Energy Policy and Tax Policy Are Inseparable | Commentary
In his 2013 State of the Union address, President Barack Obama championed our nation’s energy policy and reaffirmed his goal of cutting net oil imports in half by the end of the decade. He said, “Today no area holds more promise than our investments in American energy. After years of talking about it, we’re finally poised to control our own energy future. … We produce more oil at home than we have in 15 years. … We produce more natural gas than ever before and nearly everyone’s energy bill is lower because of it.” Three months later, the president released his budget proposal, which eliminates tax incentives for the oil and gas industry, calling them “tax giveaways.” The president might achieve his goal of ending what he calls “oil subsidies that keep us trapped in the past,” but he will do so at the expense of sound energy policy.
The nation’s energy policy is inextricably tied to the nation’s tax code. Tax laws are central to the development of domestic energy resources. The tax code may not be the best way to design a strategically sustainable energy policy, but for the past century, it has been the most important. In the coming months, as the congressional debate over tax reform intensifies, the nation’s energy policy should be central to that debate.
The president is right to champion the progress that has been made by the oil and gas industry during his presidency. Within the past two years, the potential supply of natural gas in the United States has increased by 26 percent. Almost half of the country’s natural-gas production has occurred within the past four years. This is a phenomenal achievement. New technologies and advancements in horizontal drilling and hydraulic fracturing have enabled the oil and gas industry to find and recover enormous reserves of natural gas. As a result, the United States now has a 100-year supply. In the near future, by making the right choices, America could become energy independent.
The tax code is in great need of reform. America’s corporate tax rate is the highest in the world, and Americans deplore the complexity and inconsistencies in the tax code. While comprehensive tax reform may not be possible in the highly partisan environment of this Congress, the potential passage of an incremental tax bill is significant. The upcoming debate over fossil fuel taxes will not only be about policy. Members of Congress will be looking for additional revenues, and the oil and gas industry is a ripe target. Eliminating the industry’s tax breaks will raise an estimated $44 billion.
In the context of fundamental tax reform, special tax breaks for every industry should be scrutinized. Nonetheless, there are tax breaks that should be preserved and have been fundamental to creating new technologies and have been the driving force behind some of the great advances in medicine, scientific research, technology, and oil and gas exploration.
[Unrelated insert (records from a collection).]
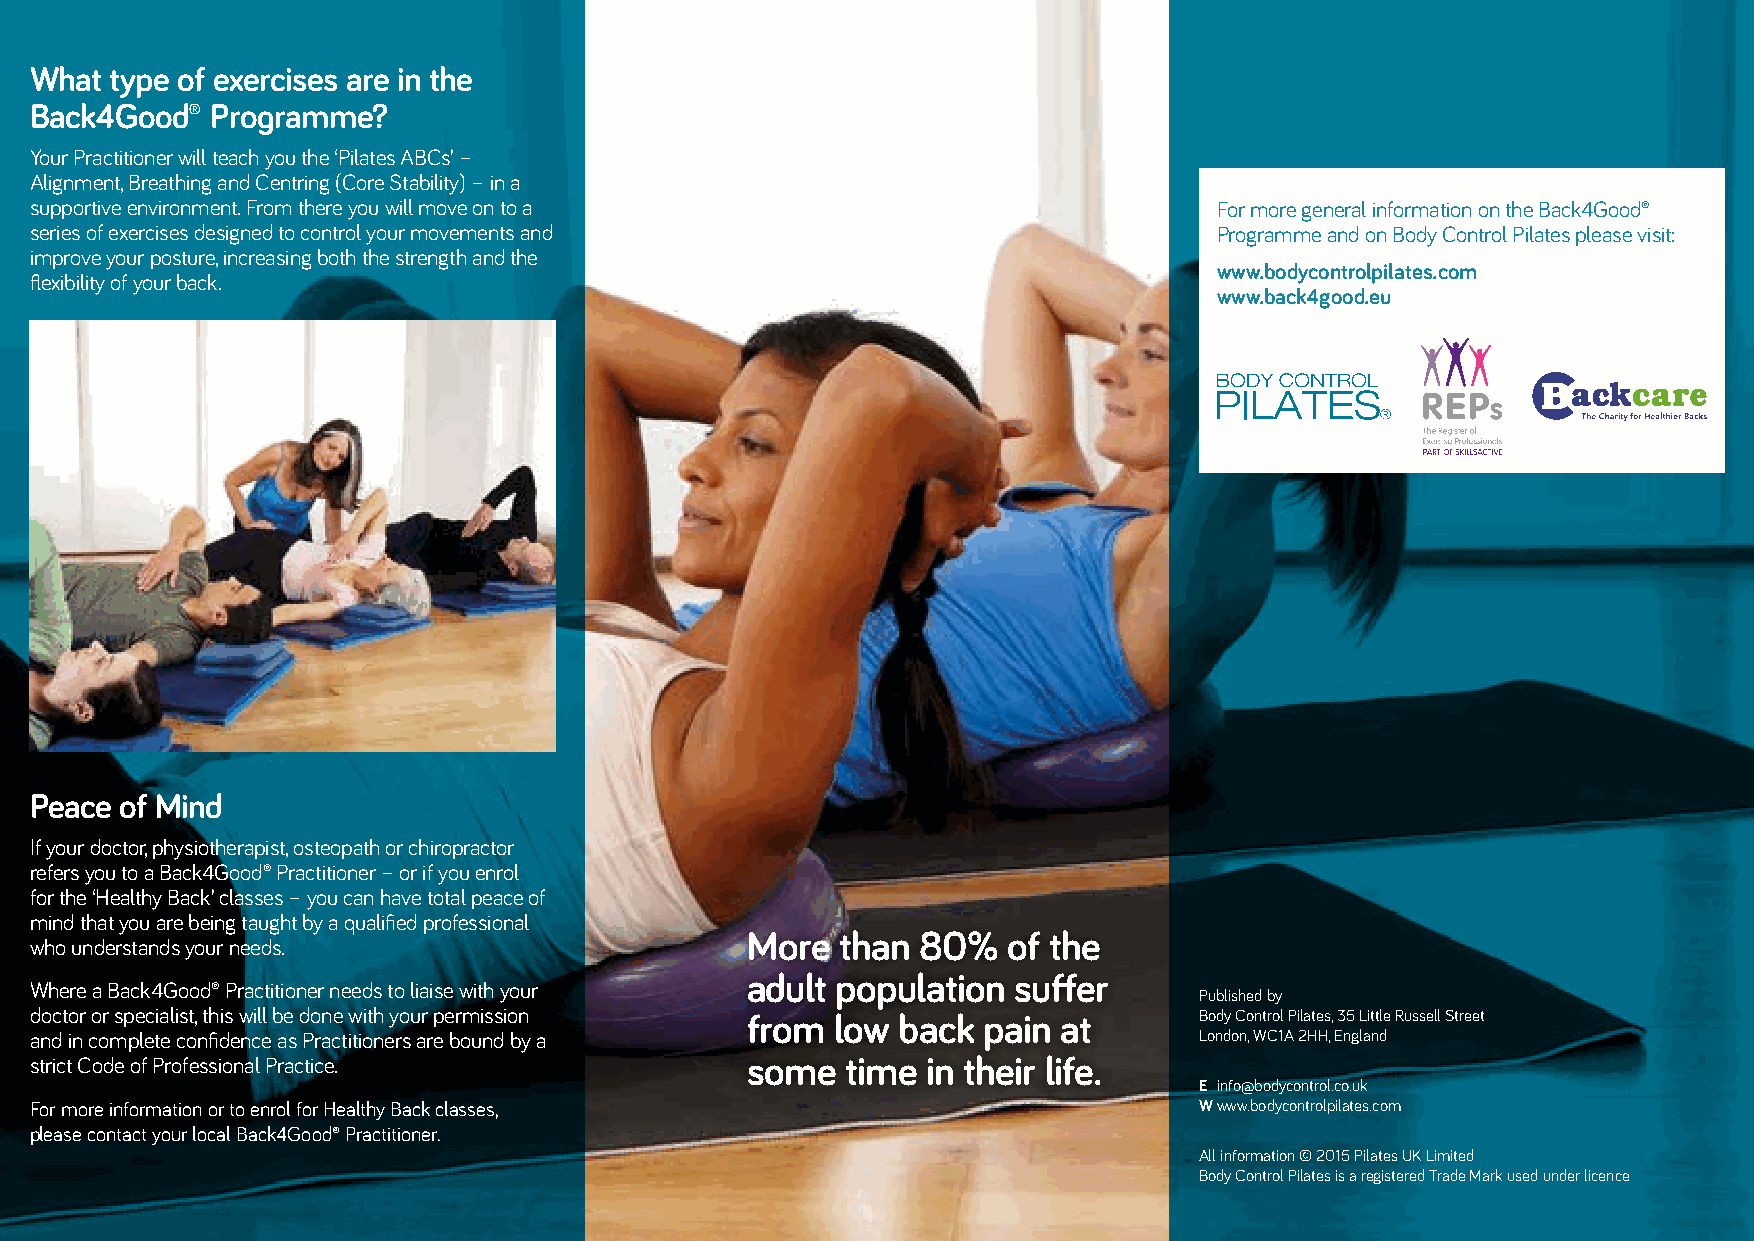
What type of exercises are in the
 Back4Good®  Programme?
 Your Practitioner will teach you the ‘Pilates ABCs’ –
 Alignment, Breathing and Centring (Core Stability) – in a
 supportive environment. From there you will move on to a                       For more general information on the Back4Good®
 series of exercises designed to control your movements and                     Programme and on Body Control Pilates please visit:
 improve your posture, increasing both the strength and the
 www.bodycontrolpilates.com
 flexibility of your back.
 www.back4good.eu
 Peace of Mind
 If your doctor, physiotherapist, osteopath or chiropractor
 refers you to a Back4Good® Practitioner – or if you enrol
 for the ‘Healthy Back’ classes – you can have total peace of
 mind that you are being taught by a qualified professional
 More   than 80%   of the
 who understands your needs.
 adult population  suffer
 Where a Back4Good® Practitioner needs to liaise with your
 Published by
 doctor or specialist, this will be done with your permission from low back pain at Body Control Pilates, 35 Little Russell Street
 and in complete confidence as Practitioners are bound by a                   London, WC1A 2HH, England
 strict Code of Professional Practice.          some   time in their life.
 E info@bodycontrol.co.uk
 For more information or to enrol for Healthy Back classes,                   W www.bodycontrolpilates.com
 please contact your local Back4Good® Practitioner.
 All information © 2015 Pilates UK Limited
 Body Control Pilates is a registered Trade Mark used under licence

For example, the tax code gives all industries a tax break tied to research- and-development costs. For the technology industry, especially for new high-risk ventures, the R&D tax break has been essential. Without it, American companies would be at a great disadvantage as they compete with foreign competitors. No one suggests that in the name of simplifying the tax code or raising additional revenues, this tax break should be eliminated.
On a policy level, there is no difference between the R&D tax break and a tax break tied to intangible drilling costs that benefits oil and gas companies. The purpose of the IDC tax break is to encourage oil and natural-gas production, which is a risky endeavor even under the best of circumstances. This has been especially true for small independent oil and gas producers. The IDC tax break has encouraged the necessary risk-taking that has been critical to the historic progress of which Obama is rightfully proud.
The IDC tax break has been in the tax law for 100 years, and it has been fundamental to the success of oil and gas exploration in America. The Obama administration wants to eliminate it. To sweep it away could profoundly impede the president’s goal of energy independence. It is not sound energy policy or wise tax policy.
In the coming months, the debate over taxes and our nation’s energy policy will intensify. They are inseparable. Decisions made about one will dramatically affect the other. There is much at stake.
Michael A. Andrews is an attorney with King & Spalding. He served in Congress from 1983 to 1995. He was a member of the Ways and Means Committee. Abraham N.M. Shashy Jr. is an attorney with King & Spalding. He served as chief counsel for the IRS from 1990 to 1993.